RB Global slides 3.6% as risk-off trade hits cyclicals, capex-heavy outlook scrutinized

RBARBA

RB Global shares fell as investors rotated out of economically sensitive names and re-priced growth stocks amid a risk-off tape. The move comes after RB Global guided for 2026 GTV growth of 5%–8% and $350–$400 million of capex, which has recently raised concerns about near-term margin pressure.

1. What’s moving the stock today

RB Global (RBA) traded lower on Friday, March 27, 2026, in a pullback that appears dominated by sentiment rather than a fresh company headline. Recent focus has centered on management’s 2026 framework—calling for 5% to 8% gross transaction value (GTV) growth, adjusted EBITDA of $1.47 billion to $1.53 billion, and capital expenditures of $350 million to $400 million—which has kept investors sensitive to any shift toward slower volumes or higher spending in a choppy macro tape. (stocktitan.net)

2. The key overhang: growth vs. spending

RB Global has been positioning 2026 as a volume-led growth year, but the combination of moderate GTV growth expectations and a step-up in capital spending has fueled an ongoing debate about near-term margin trajectory and free-cash-flow cadence. That backdrop can amplify downside moves on days when investors reduce exposure to cyclicals and other economically sensitive stocks. (digitalcommerce360.com)

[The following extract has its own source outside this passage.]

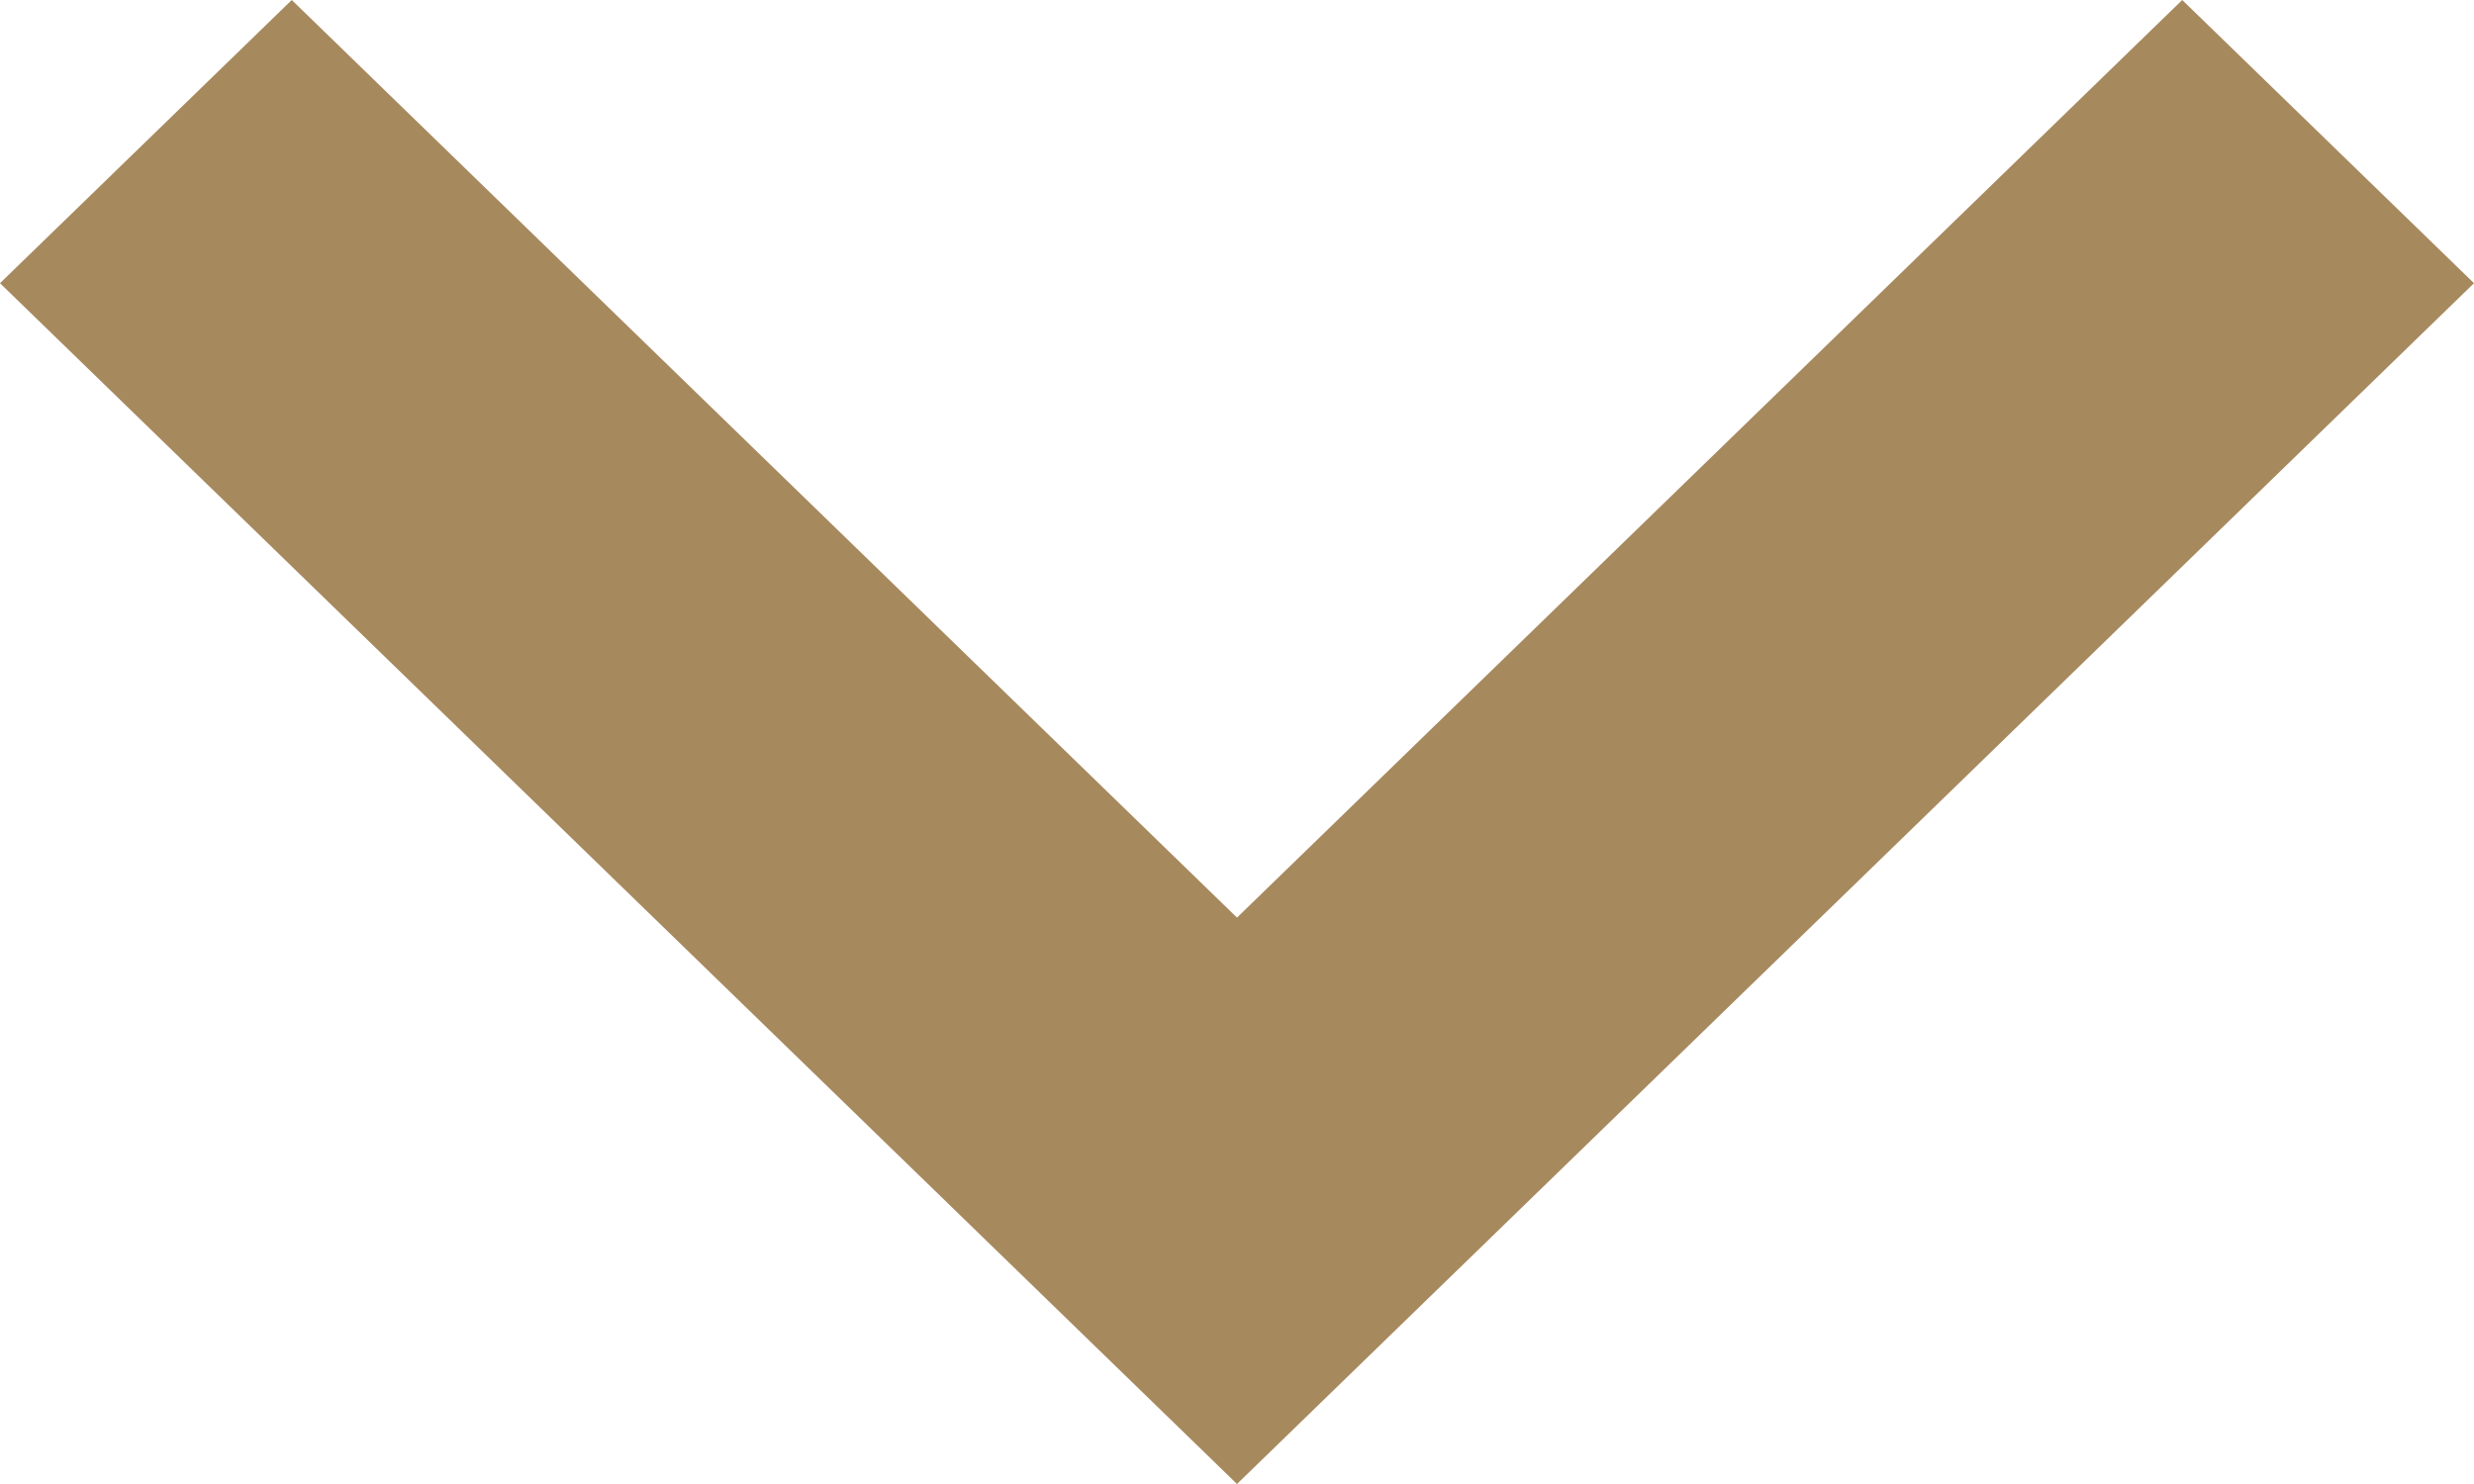 <svg width="30" height="18" viewBox="0 0 30 18" fill="none" xmlns="http://www.w3.org/2000/svg">
<path d="M30 3.435L26.462 4.21847e-08L15 11.13L3.538 3.15562e-07L4.09604e-08 3.435L15 18L30 3.435Z" fill="#A7895E"/>
</svg>

3. Buyback support is real, but timing matters

Earlier this month, RB Global received approval to begin a normal course issuer bid allowing repurchases of up to the lesser of 10 million shares or $500 million from March 18, 2026 through March 17, 2027. While that authorization can provide incremental support and improve per-share metrics over time, it does not prevent near-term volatility when broader selling pressure picks up. (stocktitan.net)

4. What to watch next

Investors will be watching for evidence that auction volumes and take rates can expand while the company executes on investment plans, as well as updates on the planned acquisition of BigIron (expected to close in the second half of 2026). Any commentary that points to a faster pace of repurchases, better-than-expected volumes, or tighter spending discipline could help stabilize the stock; conversely, signs of softening demand could keep pressure on the multiple. (s24.q4cdn.com)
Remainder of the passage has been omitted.